Pricing and the economics of orchestration

Fugu Ultra is priced at $5 per million input tokens and $30 per million output tokens, placing it among the more expensive options in the market — comparable to OpenAI's GPT-5.5 at $5 and $30, respectively, and well below Anthropic's now-restricted Fable 5 at $10 and $50. However, a significant caveat exists: the background tokens consumed when Fugu delegates sub-tasks and routes between agents are not absorbed by the provider. They represent real token usage and are counted toward the final price at standard rates.

A real-world test by creative agency owner Mark Santos illustrated the tradeoffs. Tasked with building a "Crossy Road" game clone using Three.js, Fugu Ultra completed the job in 22 minutes using roughly 89,000 tokens for about $7.32, though the final game suffered from minor logic errors. Claude Opus 4.8 took 79 minutes, burned about 940,000 tokens for nearly $37.85, and required human intervention to escape a retry loop — but ultimately produced superior application design.

The orchestration landscape and what it means for investors

Fugu operates on a fundamentally different paradigm from standard routing platforms like Not Diamond, Martian, or the open-source RouteLLM framework. Those systems make a one-shot routing decision — analyzing an incoming prompt and dispatching it to a single model.
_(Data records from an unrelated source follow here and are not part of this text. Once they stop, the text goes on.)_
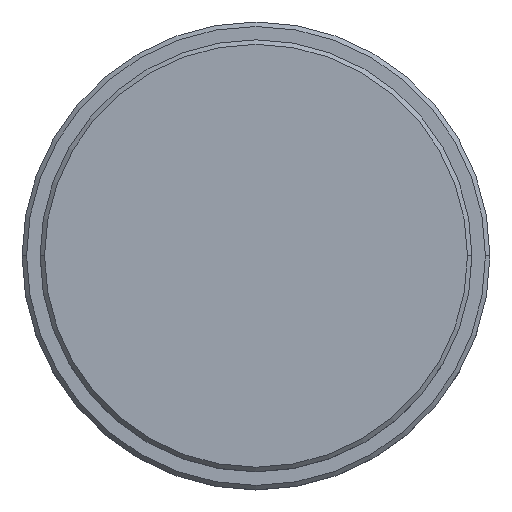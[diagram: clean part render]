
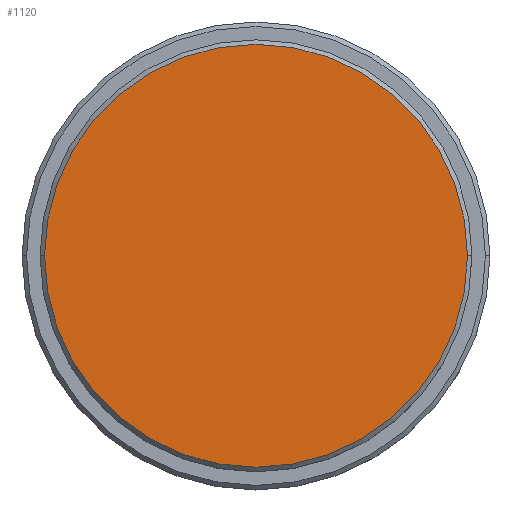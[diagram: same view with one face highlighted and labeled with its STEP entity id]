
A CAD part, top view. The second image highlights one B-rep face of the part: STEP entity #1120.
In plain terms, the highlighted planar face has unit normal (0, 0, 1).
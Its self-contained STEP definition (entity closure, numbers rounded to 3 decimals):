
#16 = ORIENTED_EDGE ( 'NONE', *, *, #1091, .T. ) ;
#98 = DIRECTION ( 'NONE',  ( 0., 0., 1. ) ) ;
#175 = DIRECTION ( 'NONE',  ( 0., 0., 1. ) ) ;
#215 = CARTESIAN_POINT ( 'NONE',  ( 0., 0., 0. ) ) ;
#375 = DIRECTION ( 'NONE',  ( 1., 0., 0. ) ) ;
#456 = CIRCLE ( 'NONE', #1199, 23.5 ) ;
#533 = DIRECTION ( 'NONE',  ( 1., 0., 0. ) ) ;
#537 = CIRCLE ( 'NONE', #1400, 23.5 ) ;
#556 = DIRECTION ( 'NONE',  ( 0., 0., 1. ) ) ;
#675 = EDGE_CURVE ( 'NONE', #864, #1367, #537, .T. ) ;
#707 = CARTESIAN_POINT ( 'NONE',  ( 0., 0., 0. ) ) ;
#763 = DIRECTION ( 'NONE',  ( 1., 0., 0. ) ) ;
#864 = VERTEX_POINT ( 'NONE', #1390 ) ;
#970 = AXIS2_PLACEMENT_3D ( 'NONE', #707, #175, #375 ) ;
#1013 = FACE_OUTER_BOUND ( 'NONE', #1346, .T. ) ;
#1091 = EDGE_CURVE ( 'NONE', #1367, #864, #456, .T. ) ;
#1115 = PLANE ( 'NONE',  #970 ) ;
#1120 = ADVANCED_FACE ( 'NONE', ( #1013 ), #1115, .T. ) ;
#1182 = ORIENTED_EDGE ( 'NONE', *, *, #675, .T. ) ;
#1199 = AXIS2_PLACEMENT_3D ( 'NONE', #1209, #556, #763 ) ;
#1209 = CARTESIAN_POINT ( 'NONE',  ( 0., 0., 0. ) ) ;
#1346 = EDGE_LOOP ( 'NONE', ( #1182, #16 ) ) ;
#1367 = VERTEX_POINT ( 'NONE', #1395 ) ;
#1390 = CARTESIAN_POINT ( 'NONE',  ( -23.5, 0., 0. ) ) ;
#1395 = CARTESIAN_POINT ( 'NONE',  ( 23.5, 0., 0. ) ) ;
#1400 = AXIS2_PLACEMENT_3D ( 'NONE', #215, #98, #533 ) ;

Fugu, by contrast, aligns more closely with complex multi-round systems like Router-R1, breaking queries down, interleaving reasoning with delegation, and assigning sub-tasks to multiple models in parallel before synthesizing output.
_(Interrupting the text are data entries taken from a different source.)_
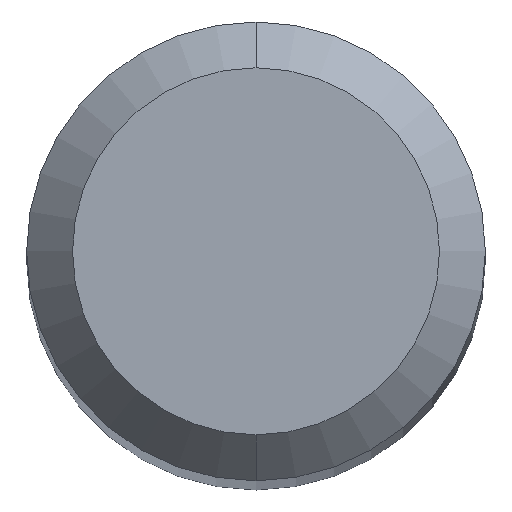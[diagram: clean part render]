
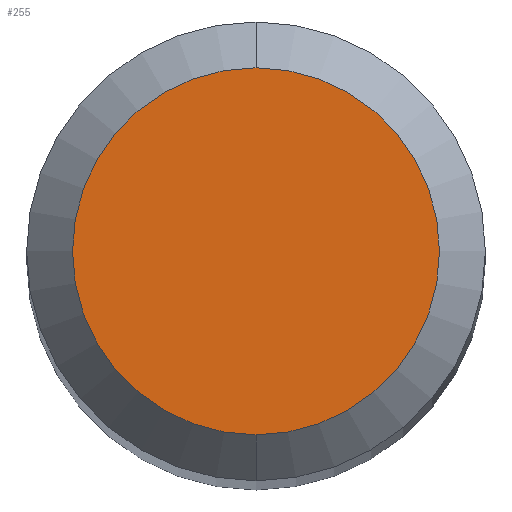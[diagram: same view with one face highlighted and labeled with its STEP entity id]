
A CAD part, top view. The second image highlights one B-rep face of the part: STEP entity #255.
In plain terms, the highlighted planar face has unit normal (0, 0, 1).
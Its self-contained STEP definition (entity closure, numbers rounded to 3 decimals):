
#255=ADVANCED_FACE('',(#552),#553,.T.);
#269=EDGE_CURVE('',#297,#389,#571,.T.);
#297=VERTEX_POINT('',#600);
#389=VERTEX_POINT('',#700);
#427=EDGE_CURVE('',#389,#297,#745,.T.);
#552=FACE_OUTER_BOUND('',#1028,.T.);
#553=PLANE('',#1029);
#571=CIRCLE('',#1050,1.2);
#600=CARTESIAN_POINT('',(0.0,1.2,33.697));
#700=CARTESIAN_POINT('',(0.,-1.2,33.697));
#745=CIRCLE('',#1380,1.2);
#1028=EDGE_LOOP('',(#1518,#1519));
#1029=AXIS2_PLACEMENT_3D('',#1520,#1521,#1522);
#1050=AXIS2_PLACEMENT_3D('',#1564,#1565,#1566);
#1380=AXIS2_PLACEMENT_3D('',#1749,#1750,#1751);
#1518=ORIENTED_EDGE('',*,*,#269,.F.);
#1519=ORIENTED_EDGE('',*,*,#427,.F.);
#1520=CARTESIAN_POINT('',(0.0,0.6,33.697));
#1521=DIRECTION('',(-0.0,0.0,1.0));
#1522=DIRECTION('',(0.0,-1.0,0.0));
#1564=CARTESIAN_POINT('',(0.0,0.0,33.697));
#1565=DIRECTION('',(0.0,0.0,-1.0));
#1566=DIRECTION('',(0.0,1.0,0.0));
#1749=CARTESIAN_POINT('',(0.0,0.0,33.697));
#1750=DIRECTION('',(0.0,0.0,-1.0));
#1751=DIRECTION('',(0.0,1.0,0.0));

The emergence of orchestration models that achieve frontier performance without brute-force compute has implications beyond any single company. Goldman Sachs' Rich Privorotsky, head of the 1-Delta desk, has identified server rental costs as a core indicator for the AI hardware investment thesis. If orchestration reduces the need for massive GPU clusters, it could pressure margins for hyperscalers and GPU suppliers. Semiconductor ETFs recorded abnormally high inflows last week, suggesting the market remains positioned for continued compute demand — a bet that orchestration models like Fugu could eventually challenge.

Sakana, which reached a $2.6 billion valuation in its Series B round in late 2025, is also seeing competitive pressure from the open-source side. Zhipu AI's GLM-5.2 scored 74.4 on the FrontierSWE benchmark, within one point of Claude Opus 4.8's 75.1, while pricing 72 percent to 82 percent below Anthropic's model. The model uses an MIT license and supports weight openness, distillation, and quantization.

Fugu is available immediately in most regions, with the temporary exception of the European Union and European Economic Area while Sakana works to align its black-box data routing architecture with GDPR regulations. Subscription tiers start at $20 per month for standard usage, with enterprise pay-as-you-go plans offering higher priority for production workloads.

For investors, the key question is whether orchestration represents a complement or a substitute for traditional compute spending. If Fugu's approach gains broad adoption, it could compress demand for the largest GPU clusters — a headwind for Nvidia and AMD. But if the market views it as an additional layer on top of existing infrastructure, it could expand the total addressable market for AI inference. The next signal will come from enterprise adoption rates and whether hyperscalers adjust their pricing in response.

This article is for informational purposes only and does not constitute investment advice.